Menyerah Atau Terus Memberontak
Disadur dari , edisi 10 September 2018
Baca: Yeremia 6:1-26
"Ambillah tempatmu di jalan-jalan dan lihatlah, tanyakanlah jalan-jalan yang dahulu kala, di manakah jalan yang baik, tempuhlah itu, dengan demikian jiwamu menerima ketenangan. Tetapi mereka berkata: Kami tidak mau menempuhnya!" Yeremia 6:16
Sejak dahulu, jalan dan kehendak insan selalu berlawanan dengan jalan dan kehendak Tuhan.
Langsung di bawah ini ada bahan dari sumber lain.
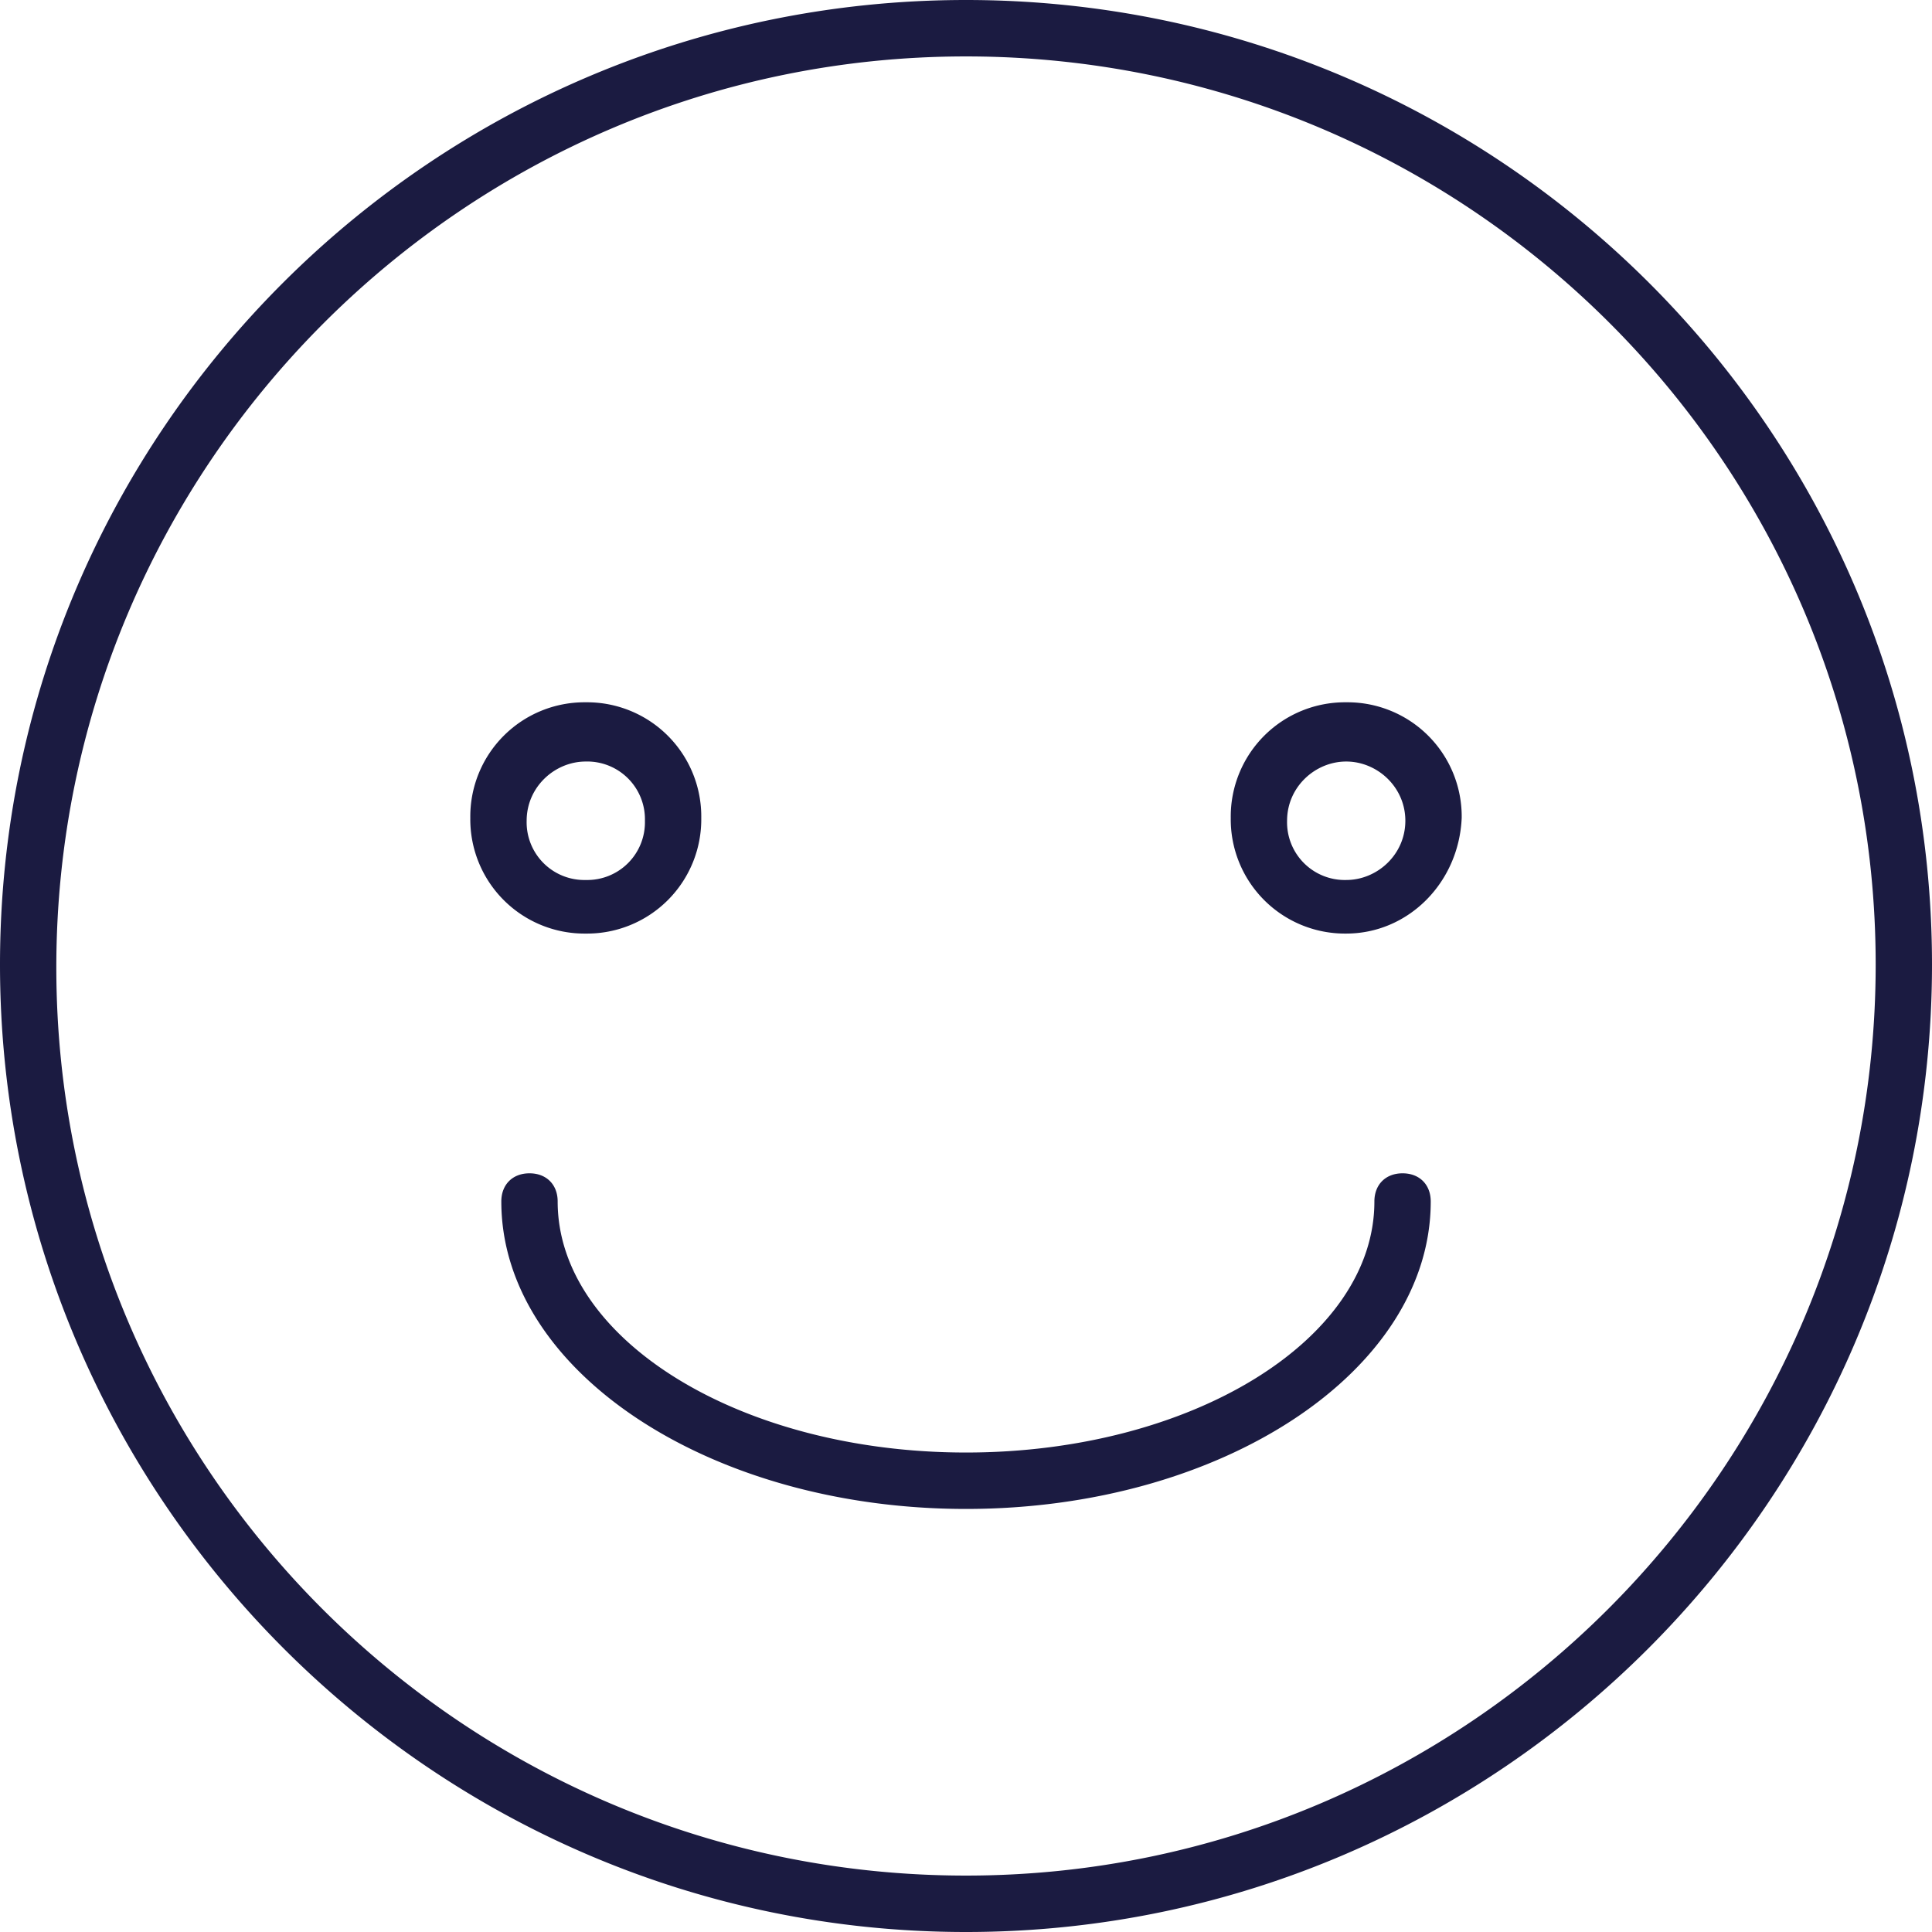 <?xml version="1.0" encoding="utf-8"?><svg xmlns="http://www.w3.org/2000/svg" width="79" height="79" fill="#1b1b41"><path d="M39.5 79C17.735 79 0 61.239 0 39.442S17.735 0 39.5 0 79 17.645 79 39.442 61.265 79 39.5 79zm0-76.693c-20.498 0-37.197 16.723-37.197 37.251S19.002 76.693 39.5 76.693 76.697 59.97 76.697 39.442 59.999 2.307 39.5 2.307zM23.953 38.174a4.67 4.67 0 0 1-4.722-4.728 4.67 4.67 0 0 1 4.722-4.729 4.67 4.67 0 0 1 4.722 4.729 4.67 4.67 0 0 1-4.722 4.728zm0-7.035c-1.267 0-2.418 1.038-2.418 2.422a2.36 2.36 0 0 0 2.418 2.422 2.36 2.36 0 0 0 2.418-2.422 2.36 2.36 0 0 0-2.418-2.422zm31.094 7.035a4.67 4.67 0 0 1-4.721-4.728 4.67 4.67 0 0 1 4.721-4.729 4.67 4.67 0 0 1 4.722 4.729c-.115 2.652-2.188 4.728-4.722 4.728zm0-7.035c-1.267 0-2.418 1.038-2.418 2.422a2.36 2.36 0 0 0 2.418 2.422c1.267 0 2.418-1.038 2.418-2.422s-1.152-2.422-2.418-2.422zM39.5 61.701c-10.48 0-19.001-5.651-19.001-12.571 0-.692.461-1.153 1.152-1.153s1.152.461 1.152 1.153c0 5.651 7.485 10.264 16.698 10.264s16.698-4.613 16.698-10.264c0-.692.461-1.153 1.152-1.153s1.152.461 1.152 1.153c0 6.92-8.522 12.571-19.001 12.571z"/></svg>

Manusia lebih menentukan untuk mengikuti jalan dan kehendaknya sendiri daripada harus tunduk kepada kehendak Tuhan dan mengikuti jalan-Nya.
Tuhan mengutus Yeremia untuk memperingatkan dan menegur bangsa Israel untuk segera bertobat dari pemberontakannya. Respons umat Israel apa? Mereka tetap saja mengeraskan hati dan tak mau menempuh jalan yang Tuhan tunjukkan. "Kami tidak mau menempuhnya!" (Yeremia 6:16b). Itulah manusia! Seharusnya insan membuka hatinya untuk setiap peringatan dan teguran Tuhan, lantaran peringatan dan teguran Tuhan menuntun insan kepada kehidupan, ibarat tertulis: "Orang yang mengarahkan indera pendengaran kepada teguran yang membawa kepada kehidupan akan tinggal di tengah-tengah orang bijak. Siapa mengabaikan didikan membuang dirinya sendiri," (Amsal 15:31-32). Tetapi, insan menolak perdamaian yang diberikan Tuhan dan dengan congkaknya mereka mau berjalan berdasarkan kehendaknya sendiri. Rasul Paulus memaparkan dengan terperinci kekerasan hati insan terhadap Penciptanya. "...jalan tenang tidak mereka kenal; rasa takut kepada Allah tidak ada pada orang itu." (Roma 3:17-18) dan "...karena mereka tidak merasa perlu untuk mengakui Allah, maka Allah menyerahkan mereka kepada pikiran-pikiran yang terkutuk, sehingga mereka melaksanakan apa yang tidak pantas:" (Roma 1:28).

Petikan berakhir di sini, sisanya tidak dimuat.